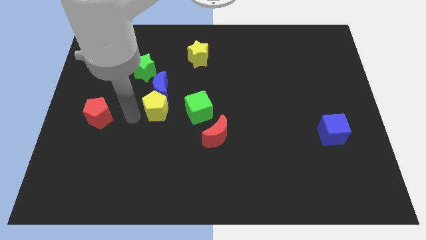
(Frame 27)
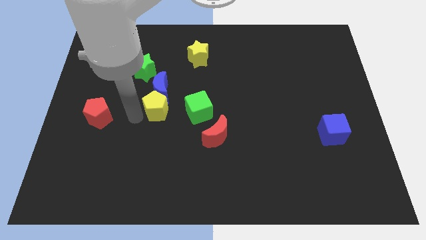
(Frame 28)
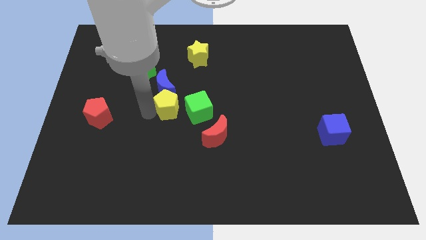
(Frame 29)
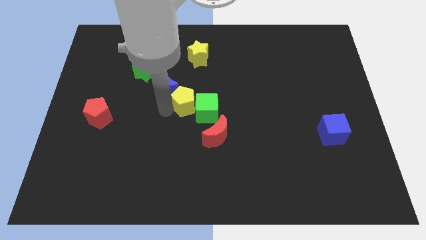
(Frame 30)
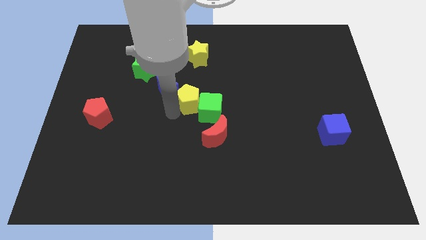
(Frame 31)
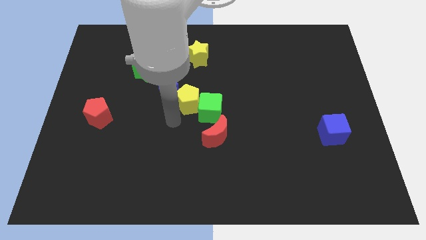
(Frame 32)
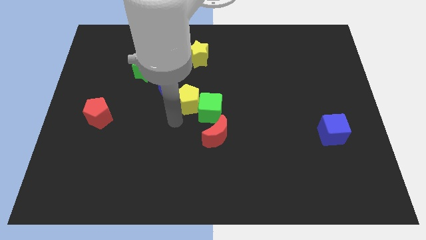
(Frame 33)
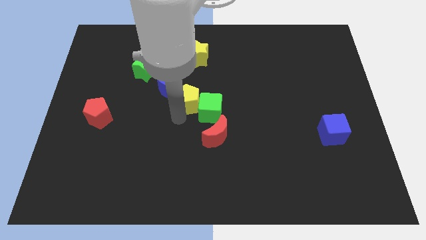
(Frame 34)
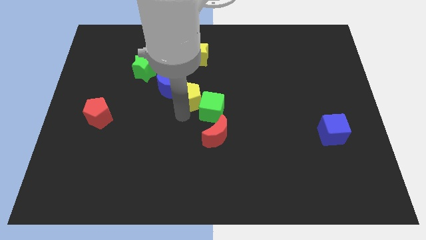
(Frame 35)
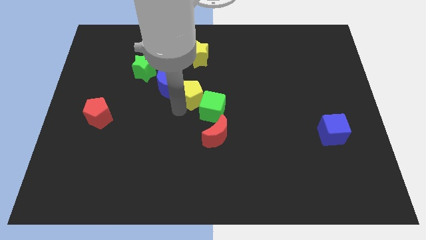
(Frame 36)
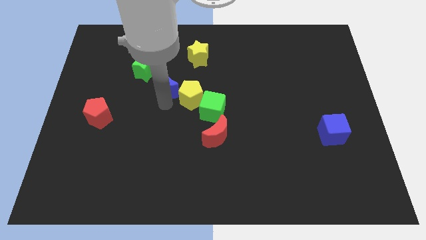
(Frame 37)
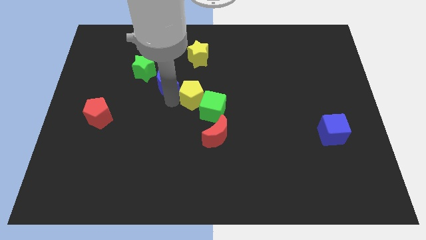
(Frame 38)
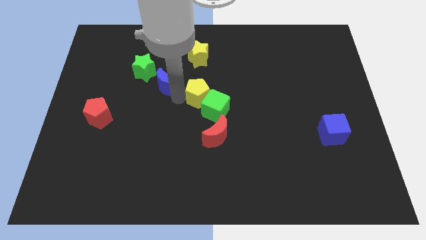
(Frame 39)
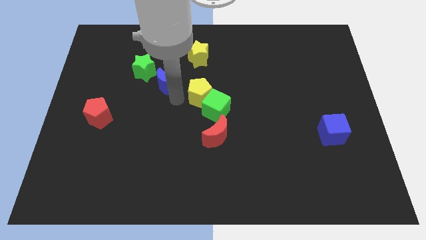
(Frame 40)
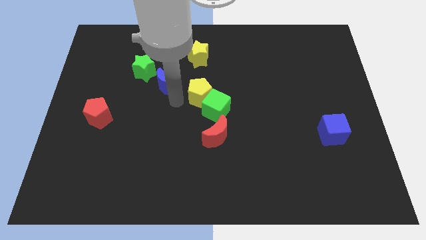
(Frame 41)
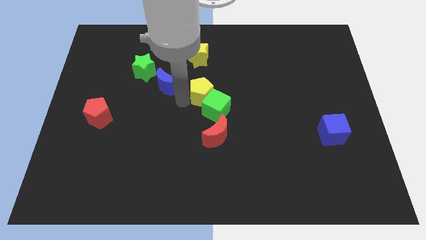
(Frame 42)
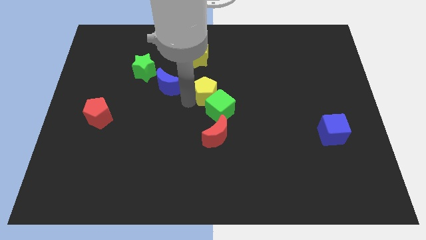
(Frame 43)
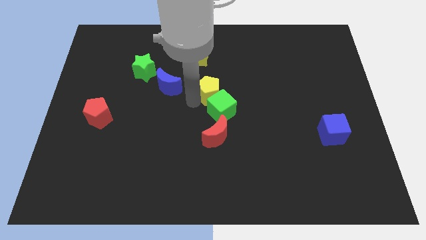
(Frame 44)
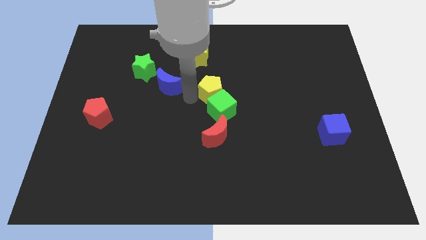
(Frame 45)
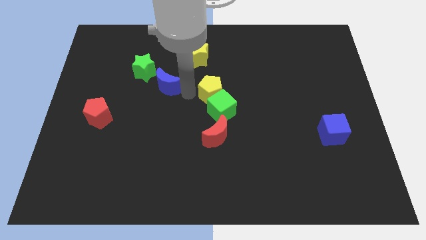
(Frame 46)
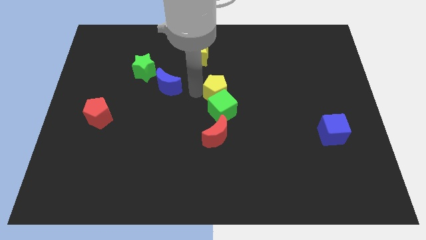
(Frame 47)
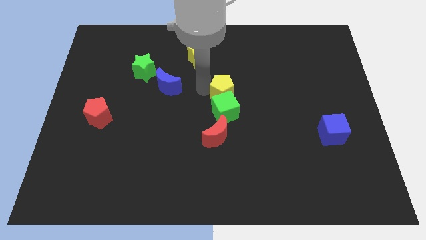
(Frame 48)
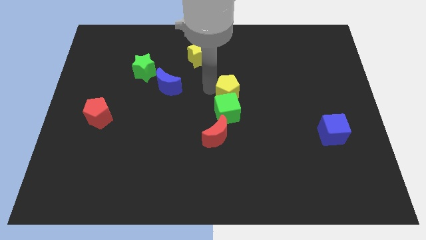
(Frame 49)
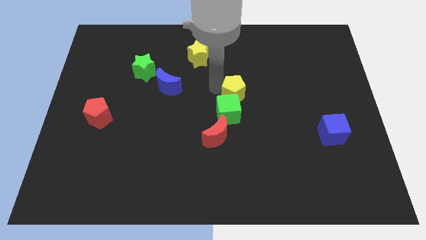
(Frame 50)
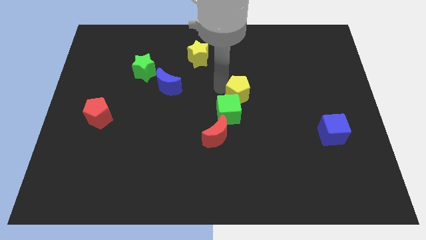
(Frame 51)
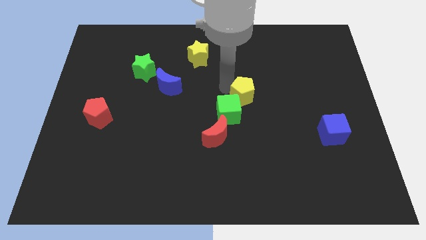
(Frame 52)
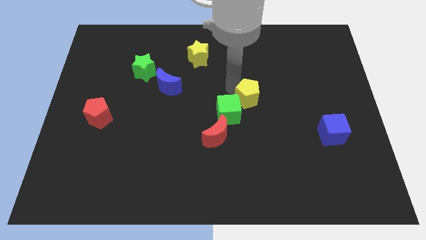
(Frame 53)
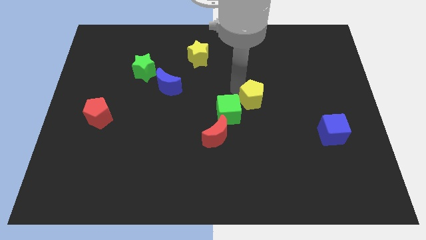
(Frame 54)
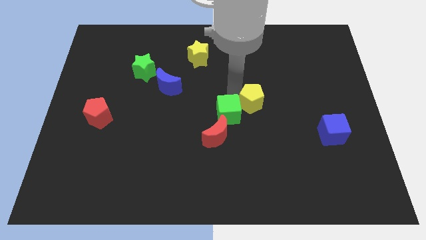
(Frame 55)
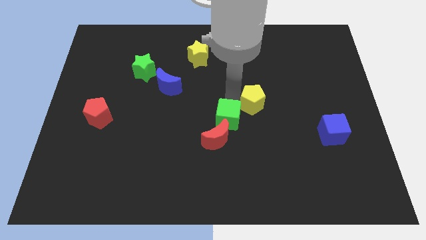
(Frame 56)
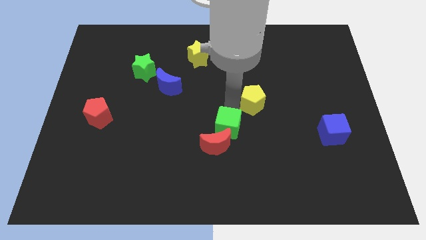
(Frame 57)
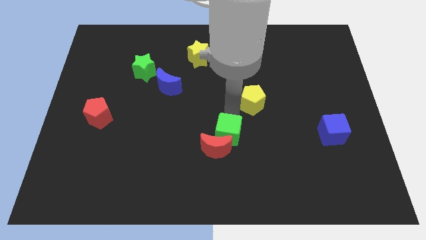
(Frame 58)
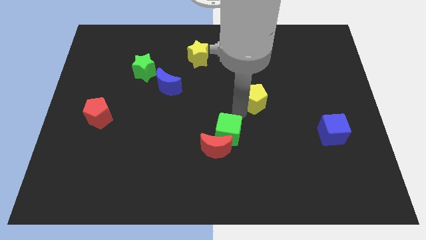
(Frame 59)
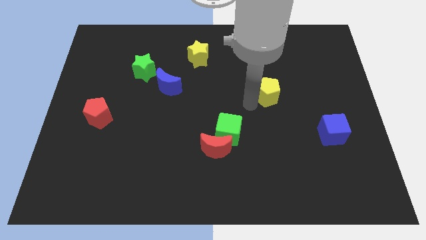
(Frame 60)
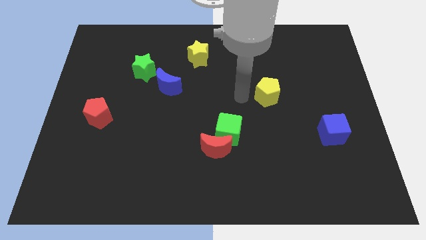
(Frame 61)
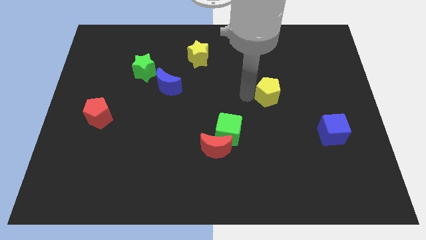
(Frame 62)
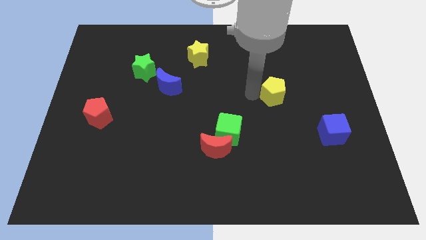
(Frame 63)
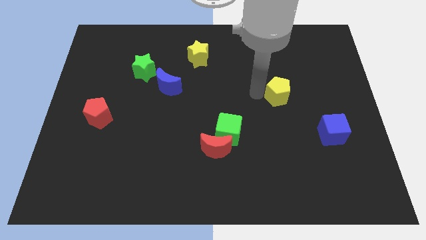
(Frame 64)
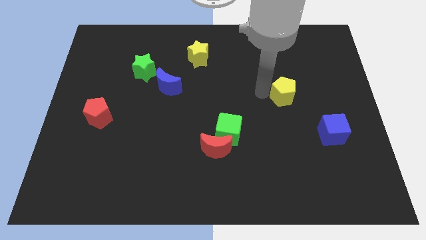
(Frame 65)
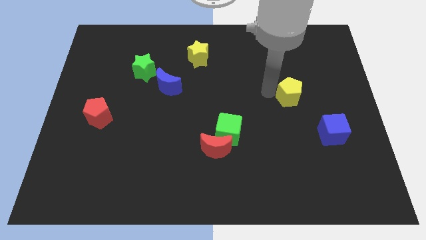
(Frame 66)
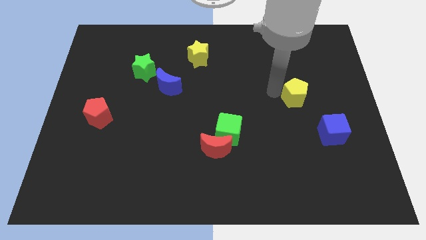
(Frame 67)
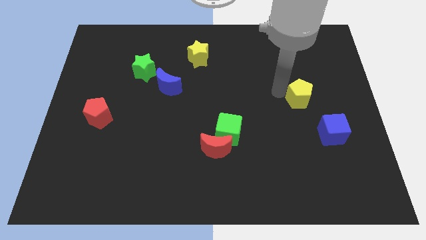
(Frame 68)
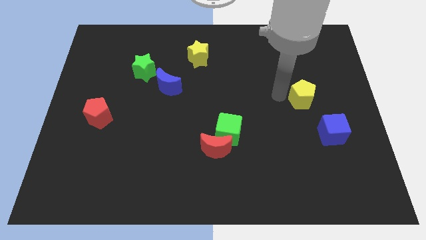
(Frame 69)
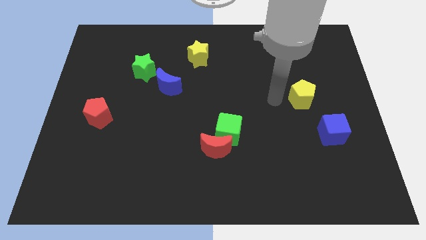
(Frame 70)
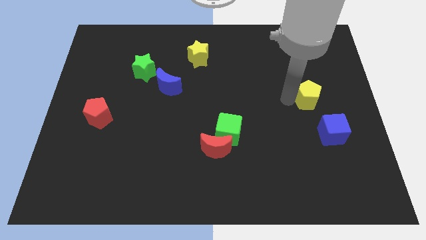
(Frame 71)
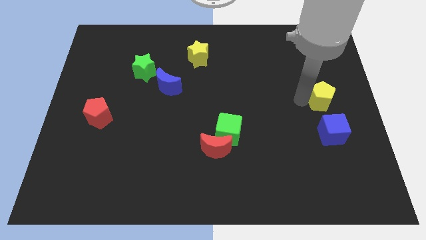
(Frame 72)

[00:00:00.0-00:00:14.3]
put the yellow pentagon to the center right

The problem: Print the records verbatim, without pictures.

Exercise solution:
(Frame 27)
(Frame 28)
(Frame 29)
(Frame 30)
(Frame 31)
(Frame 32)
(Frame 33)
(Frame 34)
(Frame 35)
(Frame 36)
(Frame 37)
(Frame 38)
(Frame 39)
(Frame 40)
(Frame 41)
(Frame 42)
(Frame 43)
(Frame 44)
(Frame 45)
(Frame 46)
(Frame 47)
(Frame 48)
(Frame 49)
(Frame 50)
(Frame 51)
(Frame 52)
(Frame 53)
(Frame 54)
(Frame 55)
(Frame 56)
(Frame 57)
(Frame 58)
(Frame 59)
(Frame 60)
(Frame 61)
(Frame 62)
(Frame 63)
(Frame 64)
(Frame 65)
(Frame 66)
(Frame 67)
(Frame 68)
(Frame 69)
(Frame 70)
(Frame 71)
(Frame 72)

[00:00:00.0-00:00:14.3]
put the yellow pentagon to the center right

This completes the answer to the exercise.